START DATA SUPPLIED
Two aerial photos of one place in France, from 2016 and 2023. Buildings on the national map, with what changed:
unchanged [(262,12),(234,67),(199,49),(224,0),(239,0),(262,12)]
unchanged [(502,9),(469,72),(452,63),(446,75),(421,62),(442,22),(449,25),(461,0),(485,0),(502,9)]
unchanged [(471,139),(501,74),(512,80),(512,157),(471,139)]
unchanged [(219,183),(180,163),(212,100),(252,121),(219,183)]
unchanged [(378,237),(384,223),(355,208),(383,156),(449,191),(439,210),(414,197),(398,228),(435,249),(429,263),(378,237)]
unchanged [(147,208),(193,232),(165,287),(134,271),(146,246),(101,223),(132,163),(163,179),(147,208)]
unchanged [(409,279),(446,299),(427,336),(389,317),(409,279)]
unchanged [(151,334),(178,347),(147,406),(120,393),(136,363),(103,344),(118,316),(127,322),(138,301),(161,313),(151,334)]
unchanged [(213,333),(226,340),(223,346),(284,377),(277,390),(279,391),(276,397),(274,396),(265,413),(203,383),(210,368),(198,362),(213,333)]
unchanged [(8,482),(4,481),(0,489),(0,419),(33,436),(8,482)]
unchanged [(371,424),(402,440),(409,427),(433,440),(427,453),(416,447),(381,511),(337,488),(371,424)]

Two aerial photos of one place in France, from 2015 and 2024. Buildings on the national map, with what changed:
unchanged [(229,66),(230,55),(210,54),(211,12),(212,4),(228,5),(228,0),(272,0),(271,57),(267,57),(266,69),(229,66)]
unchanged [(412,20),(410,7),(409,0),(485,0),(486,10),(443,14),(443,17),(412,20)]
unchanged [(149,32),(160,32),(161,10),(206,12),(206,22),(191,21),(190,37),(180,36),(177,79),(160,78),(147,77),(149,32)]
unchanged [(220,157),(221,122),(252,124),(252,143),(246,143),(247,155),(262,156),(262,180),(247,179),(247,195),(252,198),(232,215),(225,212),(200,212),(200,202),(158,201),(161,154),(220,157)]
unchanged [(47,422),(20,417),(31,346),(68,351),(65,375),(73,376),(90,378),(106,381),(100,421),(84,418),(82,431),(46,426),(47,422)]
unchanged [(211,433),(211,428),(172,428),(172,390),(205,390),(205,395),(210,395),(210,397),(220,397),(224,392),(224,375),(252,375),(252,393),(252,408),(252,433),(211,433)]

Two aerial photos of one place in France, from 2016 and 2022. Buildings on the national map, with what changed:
END DATA SUPPLIED
**WHAT THIS TASK INVOLVES**
Using the entries above, please restate each one word for word.

**OUTPUT**
Two aerial photos of one place in France, from 2016 and 2023. Buildings on the national map, with what changed:
unchanged [(262,12),(234,67),(199,49),(224,0),(239,0),(262,12)]
unchanged [(502,9),(469,72),(452,63),(446,75),(421,62),(442,22),(449,25),(461,0),(485,0),(502,9)]
unchanged [(471,139),(501,74),(512,80),(512,157),(471,139)]
unchanged [(219,183),(180,163),(212,100),(252,121),(219,183)]
unchanged [(378,237),(384,223),(355,208),(383,156),(449,191),(439,210),(414,197),(398,228),(435,249),(429,263),(378,237)]
unchanged [(147,208),(193,232),(165,287),(134,271),(146,246),(101,223),(132,163),(163,179),(147,208)]
unchanged [(409,279),(446,299),(427,336),(389,317),(409,279)]
unchanged [(151,334),(178,347),(147,406),(120,393),(136,363),(103,344),(118,316),(127,322),(138,301),(161,313),(151,334)]
unchanged [(213,333),(226,340),(223,346),(284,377),(277,390),(279,391),(276,397),(274,396),(265,413),(203,383),(210,368),(198,362),(213,333)]
unchanged [(8,482),(4,481),(0,489),(0,419),(33,436),(8,482)]
unchanged [(371,424),(402,440),(409,427),(433,440),(427,453),(416,447),(381,511),(337,488),(371,424)]

Two aerial photos of one place in France, from 2015 and 2024. Buildings on the national map, with what changed:
unchanged [(229,66),(230,55),(210,54),(211,12),(212,4),(228,5),(228,0),(272,0),(271,57),(267,57),(266,69),(229,66)]
unchanged [(412,20),(410,7),(409,0),(485,0),(486,10),(443,14),(443,17),(412,20)]
unchanged [(149,32),(160,32),(161,10),(206,12),(206,22),(191,21),(190,37),(180,36),(177,79),(160,78),(147,77),(149,32)]
unchanged [(220,157),(221,122),(252,124),(252,143),(246,143),(247,155),(262,156),(262,180),(247,179),(247,195),(252,198),(232,215),(225,212),(200,212),(200,202),(158,201),(161,154),(220,157)]
unchanged [(47,422),(20,417),(31,346),(68,351),(65,375),(73,376),(90,378),(106,381),(100,421),(84,418),(82,431),(46,426),(47,422)]
unchanged [(211,433),(211,428),(172,428),(172,390),(205,390),(205,395),(210,395),(210,397),(220,397),(224,392),(224,375),(252,375),(252,393),(252,408),(252,433),(211,433)]

Two aerial photos of one place in France, from 2016 and 2022. Buildings on the national map, with what changed:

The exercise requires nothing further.